The bloc opposing Mr. Netanyahu is made up of many other small parties with conflicting agendas. The small right-wing parties in the bloc see Mr. Lapid as too left-wing to lead the government.
Instead, discussions within Mr. Lapid’s bloc have centered on the possibility of Mr. Lapid sharing power with another candidate, such as Mr. Bennett, the leader of Yamina, a right-wing party that does not ‘won only seven seats. Under such an agreement, Mr. Bennett could lead the country for a year, before handing over the first ministry to Mr. Lapid.
Mr Lapid’s party has defended middle-class taxpaying Israelis and called for limiting the autonomy given to Israel’s ultra-Orthodox community – many of whom are exempt from military service and study religious texts instead of enter the labor market. This has made him an enemy of the ultra-Orthodox parties that have long kept Mr. Netanyahu in power.
Mr Lapid pledged during the election campaign to put his ego aside and concede the post of prime minister if that was what it took to topple Mr Netanyahu, Israel’s longest-serving prime minister.
To constitute a majority, this bloc would also have to count on the support of an Arab party, which it has hesitated to do in the past. Even if they succeed in forming a government with the limited goal of stabilizing the country after a long period of political chaos, many analysts believe its heterogeneity would make it short-lived.
Mr Bennett is also looking for a chance to try to form the next government. He said his preference was to build a right-wing coalition comprising Mr. Netanyahu’s Likud and religious parties but, failing that, he would work to form a more eclectic “unity” government comprising parties from the anti-Netanyahu bloc. .

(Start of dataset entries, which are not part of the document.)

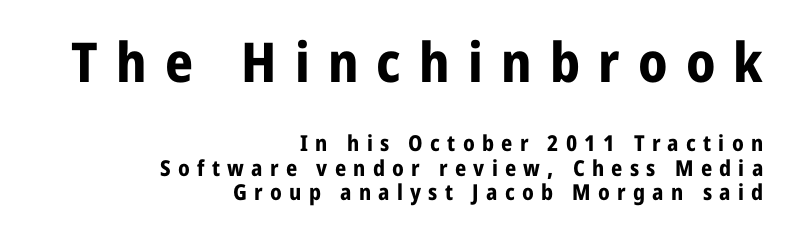
Q: Is the text bold? A: Yes.
Q: Is the text italic (slanted)? A: No, it is upright.
Q: Is the typeface a serif or a sans-serif typeface? A: Sans-serif.
Q: Is the text underlined? A: No.
Q: How is the paragraph aligned? A: Right-aligned.
Q: Is the spacing between letters normal or unusually wide? A: Unusually wide.
Q: Is the spacing between lines tight, normal or loose? A: Tight.
Q: Which block of text is set in a larger size, the first (top) or the second (bottom)? A: The first (top) one.
Q: Width (condensed, normal, or wide)? A: Condensed.
Q: Stroke contrast? A: Low.
Q: x-height? A: Medium.
Q: Monospaced? A: No.

If no government has been formed within the allotted time – 28 days for a lawmaker other than Mr. Netanyahu, or up to five weeks for a candidate nominated by parliament – the assembly will automatically dissolve and the Israelis will return to the polls for the fifth time since spring 2019.
Aside from the country’s usual tensions between secular and religious, right and left, and Jews and Arabs, Israelis are increasingly divided over Mr. Netanyahu himself. Supporters of the ideological right are now split between pro and anti-Netanyahu camps.
Mr. Netanyahu had the strong support of just 52 lawmakers, his own Likud, two staunch ultra-Orthodox parties and a far-right alliance. Three right-wing parties ultimately chose not to send him back to government.
A total of 13 parties entered parliament, all except Likud and Yesh Atid with single-digit seats.
Any government formed is likely to be unstable and dependent on the demands and whims of small parties with disproportionate power.
This latest failure to form a government is a blow to Mr. Netanyahu. He campaigned for the March elections and gambled his fortune on the success of Israel’s vaccination campaign, which allowed the economy and cultural life to reopen just in time for the polls.
But commentators say it’s still too early to write it off.
He also failed to form a government after two elections in 2019. But when his rivals also failed to cement a coalition, he remained in place as interim prime minister. An election in April 2020 produced an unhappy unity government that collapsed after seven months of political and administrative paralysis.
Some analysts say Mr. Netanyahu, a political survivor, is happy to function as interim prime minister, riding the wave of electoral turmoil from one transitional government to another, as long as he remains in power. And if the latest mess ends in a fifth election, he’s likely to run again.